RARE FIND: Amateur archaeologist Sieghard Wolter with a find from the Bronze Age.

By Gudrun Janicke


To the layman only a mysterious crackling is apparent — sometimes a few muffled notes and then a bleeping staccato.
To Sieghard Wolter, a German amateur archaeologist, however, the signals coming through his headphones are music to the ears.
“When I hear the right frequency I know there could be something to find,” says the 50-year-old roofer, who comes from the north-eastern state of Brandenburg and has been fascinated by local history since he was a child.
Wolter is one of around 150 amateur archaeologists who have a licence in the area between the Oder and Elbe rivers.

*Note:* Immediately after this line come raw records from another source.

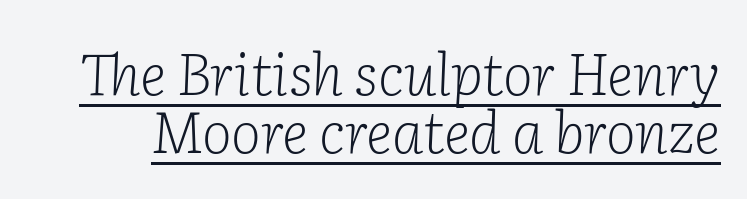
Q: Is the text bold? A: No.
Q: Is the text italic (slanted)? A: Yes, it leans right by about 2 degrees.
Q: Is the typeface a serif or a sans-serif typeface? A: Serif.
Q: Is the text underlined? A: Yes.
Q: Is the spacing between letters normal or unusually wide? A: Normal.
Q: Is the spacing between lines tight, normal or loose? A: Tight.
Q: Width (condensed, normal, or wide)? A: Normal.
Q: Stroke contrast? A: Low.
Q: x-height? A: Medium.
Q: Monospaced? A: No.
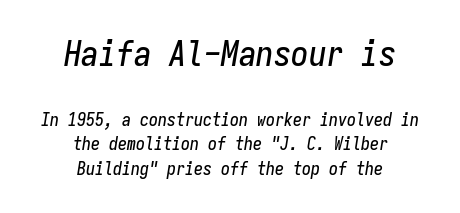
The image shows 35 px condensed type, italic (leaning right), monospaced; set centered, normal line spacing (1.36x), normal letter spacing, not underlined; the first (top) block is 1.94x larger; low stroke contrast and a medium x-height.
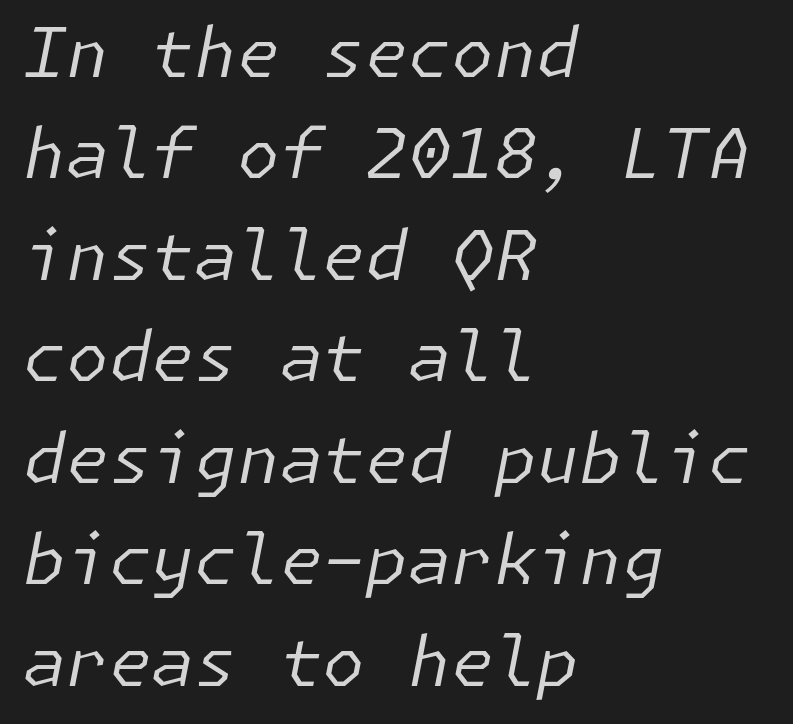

“We’re happy that they keep their eyes open for us,” says state archaeologist Thomas Kersting. “And they’re no competition for us.”
The men and women, from those just entering work life to retirees, are keen to find out more about their local history.
“Most don’t see themselves as Indiana Jones, searching for buried treasure,” adds Kersting.
There are around 30,000 known archaeological sites in the country. They include Stone and Bronze Age sites, as well as sites dating back to the settlement of the country by the Slavs, the Middle Ages and the modern era.
“But there are countless unknown sites too,” says Kersting.
It’s volunteers who find many of the pieces of the puzzle in the country’s history and the regional authorities offer them many educational courses to help them: Experts give lectures on different eras, explain the significance of certain finds and what to do if they discover something.
There are also 25 people in Brandenburg who have licences to use metal detectors.
But there are many people who use them illegally — the machines only cost around 1,100 dollars; they tend to dig for military souvenirs on the sites of World War II battles, and sell their finds on the blackmarket, says Kersting.
”Archaeological finds belong to the country and are put in museums. Those who don’t hand them in are open to prosecution,” says Kersting. Nevertheless, the number of unreported finds is thought to be very high, he adds.
Those amateurs who dig things up without approval could be destroying important artefacts, says Kersting.
Everyone in Germany has heard of the case of a man in the state of Rheinland-Palatinate who found a unique Barbarian treasure trove dating from the Late Antiquity period worth up to an estimated 575,000 euros (640,000 dollars).
He was given a suspended sentence earlier this year for failing to report it.
It was also treasure hunters who in 1999 discovered the 3,600-year-old Nebra sky disk in Saxony Anhalt — and sold it.
A man and a woman who were found guilty of illegally acquiring and selling the sensational find were given suspended sentences by the district court in Naumburg in 2003.
They had bought the disk from a fence for 230,000 Deutschmarks (118,000 euros) and tried to sell it to the state archaeologist in Saxony-Anhalt for 700,000 Deutschmarks (353,000 euros).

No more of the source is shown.